188.8.131.52 Conventional retrofits of institutional and commercial buildings
There are numerous published studies showing that energy savings of 50 to 75% can be achieved in commercial buildings through aggressive implementation of integrated sets of measures. These savings can often be justified in terms of the energy-cost savings alone, although in other cases full justification requires consideration of a variety of less tangible benefits. In the early 1990s, a utility in California sponsored a 10 million US$ demonstration of advanced retrofits. In six of seven retrofit projects, an energy savings of 50% was obtained; in the seventh project, a 45% energy savings was achieved. For Rosenfeld (1999), the most interesting result was not that an alert, motivated team could achieve savings of 50% with conventional technology, but that it was very hard to find a team competent enough to achieve these results.
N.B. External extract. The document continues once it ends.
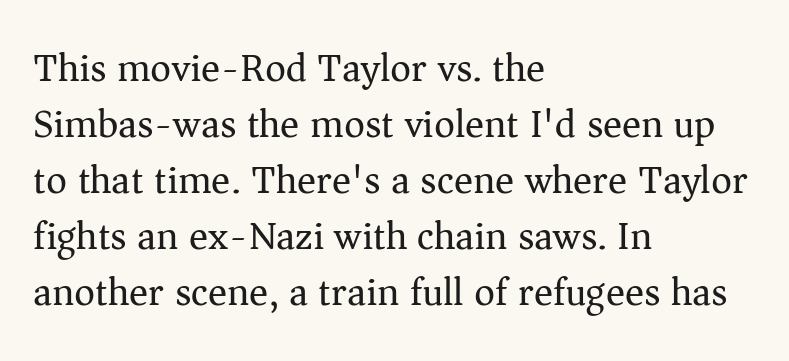
{"serif": "yes", "italic": "no", "bold": "no", "weight": "regular", "width": "normal", "stroke_contrast": "medium", "x_height": "medium", "monospaced": "no", "underline": "no", "align": "left", "line_spacing": "normal", "line_spacing_ratio": 1.4, "letter_spacing": "normal", "letter_spacing_em": 0.0, "glyph_px": 40}

Other, recent examples that are documented in the published literature include:
- A realized savings of 40% in heating, plus cooling, plus ventilation energy use in a Texas office building through conversion of the ventilation system from one with constant to one with variable air flow (Liu and Claridge, 1999);
- A realized savings of 40% of heating energy use through the retrofit of an 1865 two-story office building in Athens, where low-energy was achieved through some passive technologies that required the cooperation of the occupants (Balaras, 2001);
- A realized savings of 74% in cooling energy use in a one-story commercial building in Florida through duct sealing, chiller upgrade and fan controls (Withers and Cummings, 1998);
- Realized savings of 50–70% in heating energy use through retrofits of schools in Europe and Australia (CADDET, 1997);
- Realized fan, cooling and heating energy savings of 59, 63 and 90% respectively in buildings at a university in Texas; roughly half due to standard retrofit and half due to adjustment of the control-system settings (which were typical for North America) to optimal settings (Claridge et al., 2001).